*** Listed entries ***

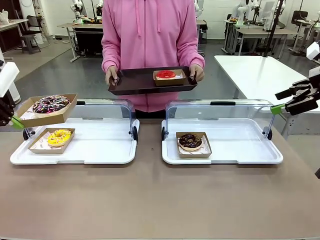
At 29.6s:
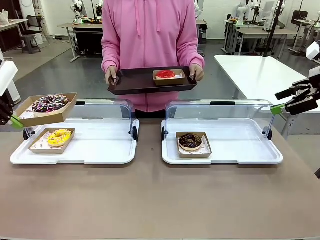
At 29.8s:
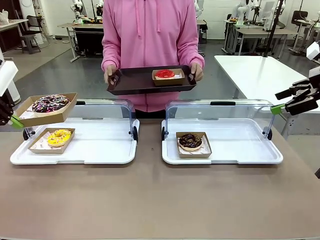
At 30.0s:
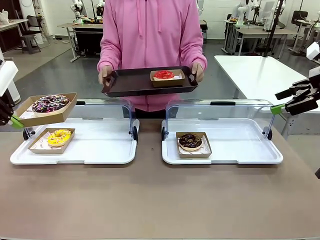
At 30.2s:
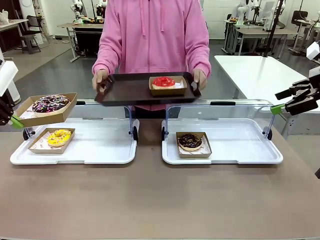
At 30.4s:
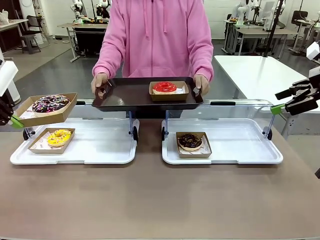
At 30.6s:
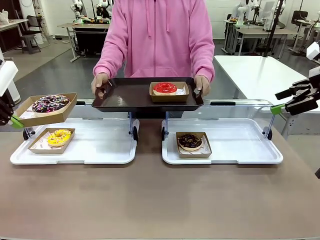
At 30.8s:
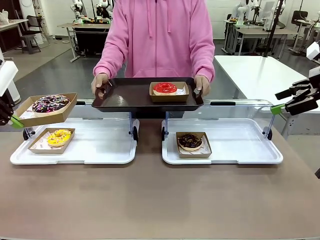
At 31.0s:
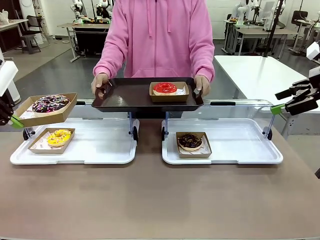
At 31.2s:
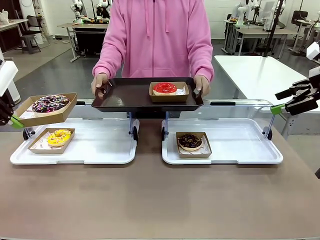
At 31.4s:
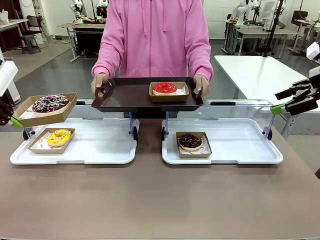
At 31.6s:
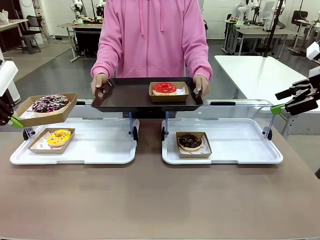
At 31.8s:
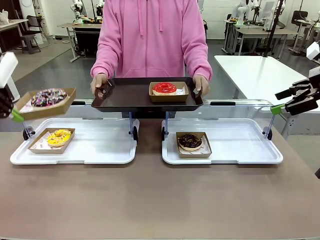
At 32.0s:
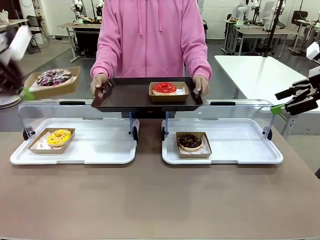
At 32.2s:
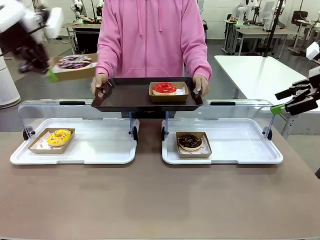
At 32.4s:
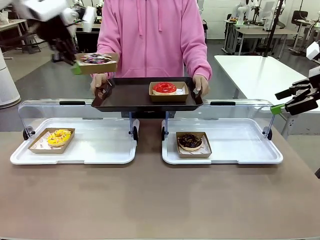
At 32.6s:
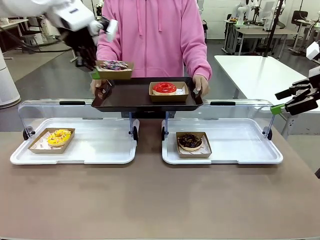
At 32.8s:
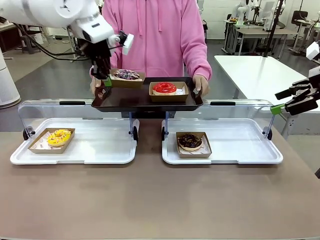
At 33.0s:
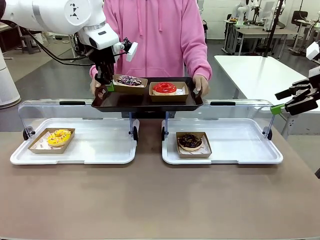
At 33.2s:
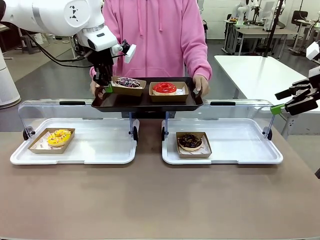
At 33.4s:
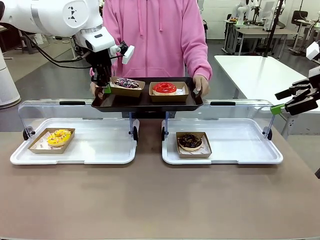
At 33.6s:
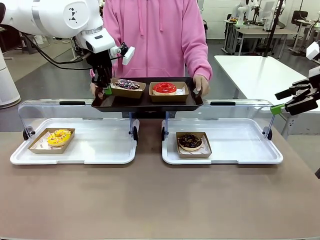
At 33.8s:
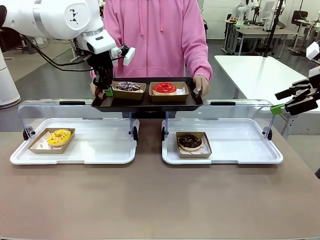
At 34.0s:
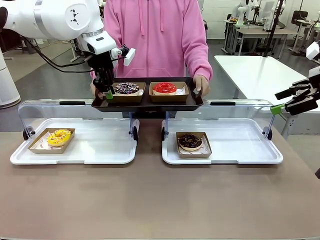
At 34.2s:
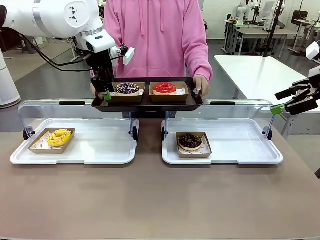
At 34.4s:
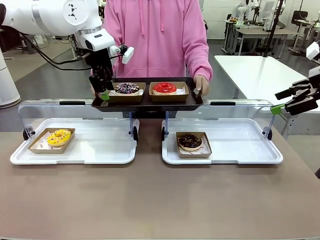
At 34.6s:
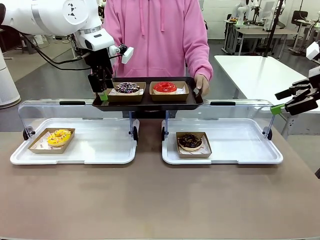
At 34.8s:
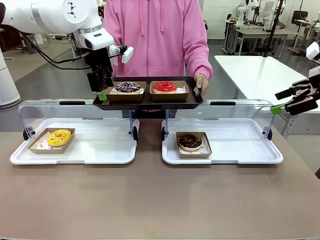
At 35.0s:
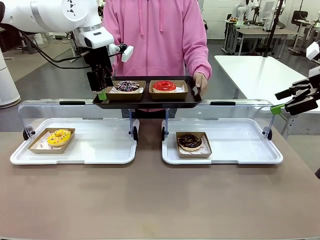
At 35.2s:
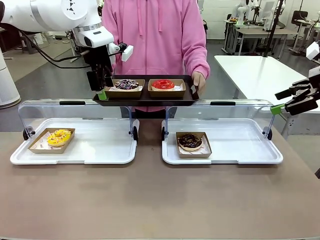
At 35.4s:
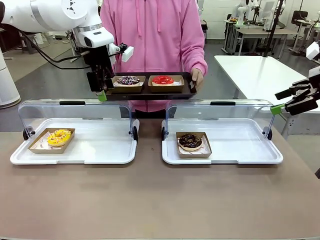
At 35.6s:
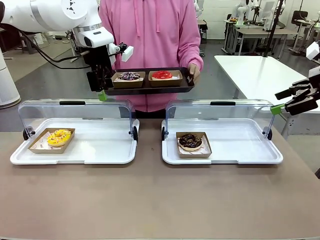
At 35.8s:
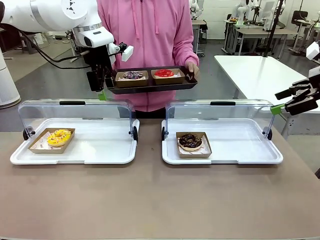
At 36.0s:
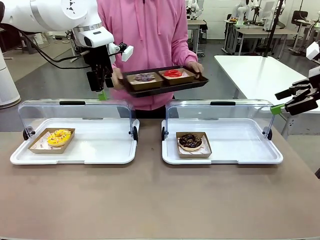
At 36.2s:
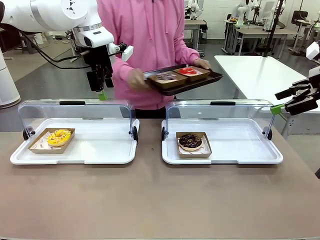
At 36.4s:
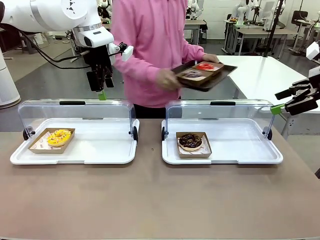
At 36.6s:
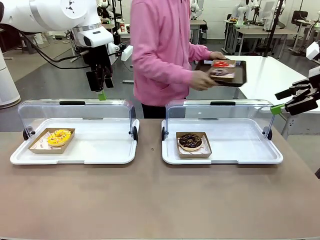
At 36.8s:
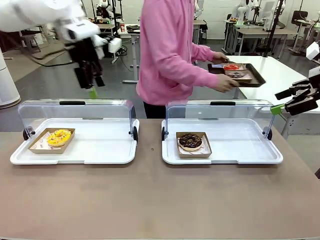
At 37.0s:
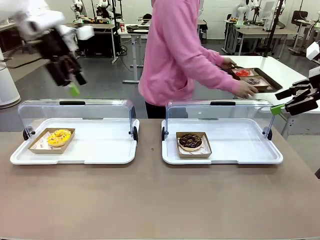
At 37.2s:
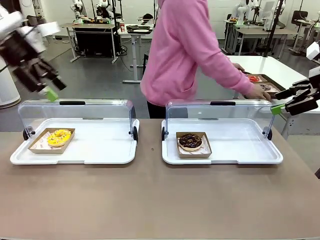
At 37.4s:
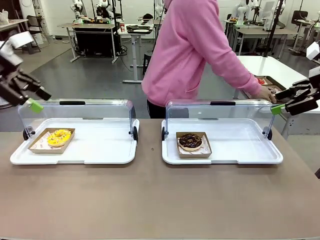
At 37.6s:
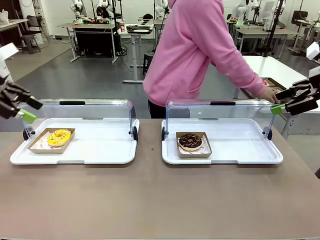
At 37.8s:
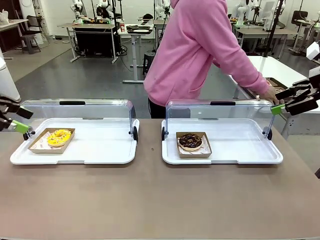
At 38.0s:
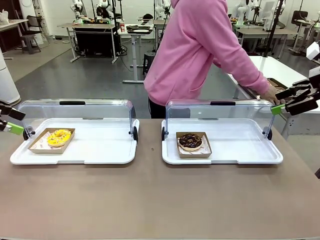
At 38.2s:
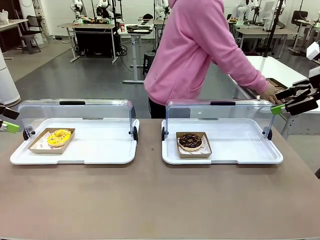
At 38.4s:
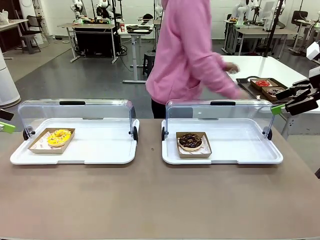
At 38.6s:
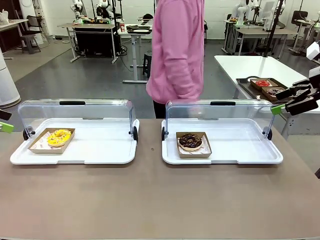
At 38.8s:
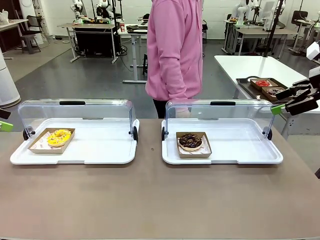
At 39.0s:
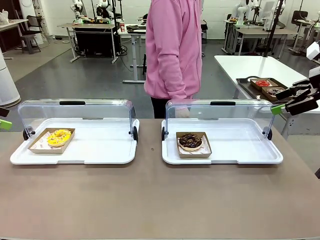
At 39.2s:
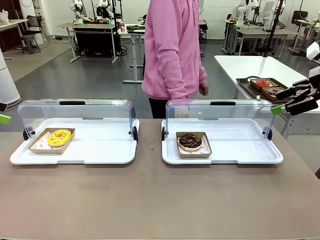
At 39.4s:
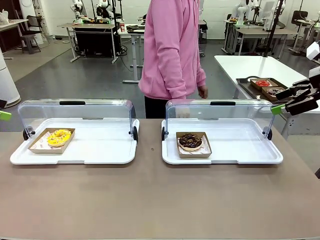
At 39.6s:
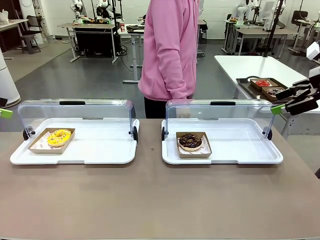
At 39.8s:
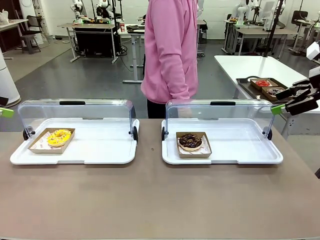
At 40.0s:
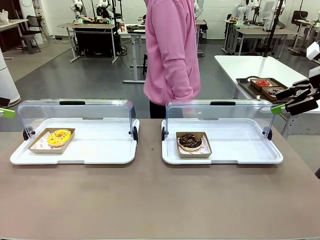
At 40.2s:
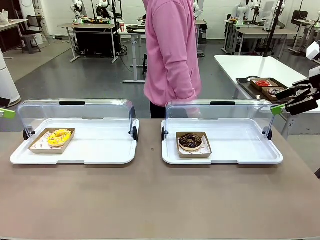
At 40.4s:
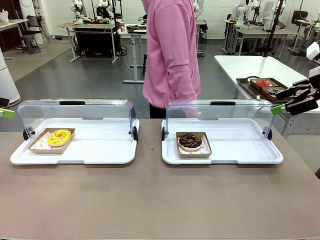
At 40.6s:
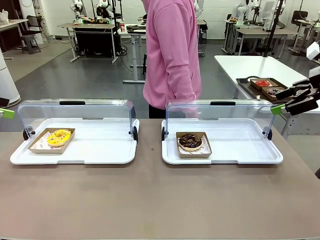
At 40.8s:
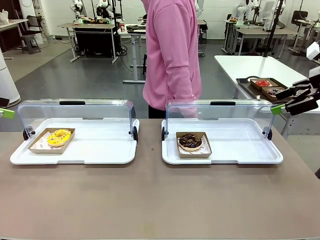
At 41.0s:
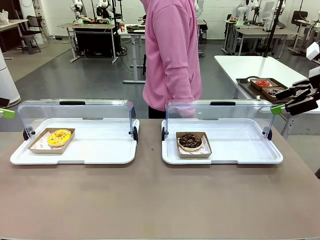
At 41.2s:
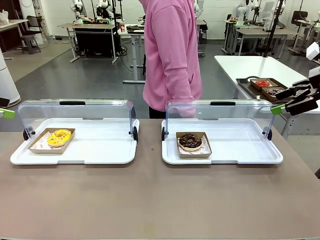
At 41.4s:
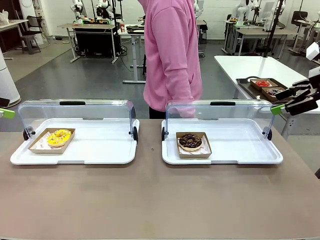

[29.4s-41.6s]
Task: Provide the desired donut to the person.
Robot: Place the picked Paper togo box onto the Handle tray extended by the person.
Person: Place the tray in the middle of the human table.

***

Exercise: Please print the records above once more, word for word, omitting all pictures.

Problem solution:
At 29.6s:
At 29.8s:
At 30.0s:
At 30.2s:
At 30.4s:
At 30.6s:
At 30.8s:
At 31.0s:
At 31.2s:
At 31.4s:
At 31.6s:
At 31.8s:
At 32.0s:
At 32.2s:
At 32.4s:
At 32.6s:
At 32.8s:
At 33.0s:
At 33.2s:
At 33.4s:
At 33.6s:
At 33.8s:
At 34.0s:
At 34.2s:
At 34.4s:
At 34.6s:
At 34.8s:
At 35.0s:
At 35.2s:
At 35.4s:
At 35.6s:
At 35.8s:
At 36.0s:
At 36.2s:
At 36.4s:
At 36.6s:
At 36.8s:
At 37.0s:
At 37.2s:
At 37.4s:
At 37.6s:
At 37.8s:
At 38.0s:
At 38.2s:
At 38.4s:
At 38.6s:
At 38.8s:
At 39.0s:
At 39.2s:
At 39.4s:
At 39.6s:
At 39.8s:
At 40.0s:
At 40.2s:
At 40.4s:
At 40.6s:
At 40.8s:
At 41.0s:
At 41.2s:
At 41.4s:

[29.4s-41.6s]
Task: Provide the desired donut to the person.
Robot: Place the picked Paper togo box onto the Handle tray extended by the person.
Person: Place the tray in the middle of the human table.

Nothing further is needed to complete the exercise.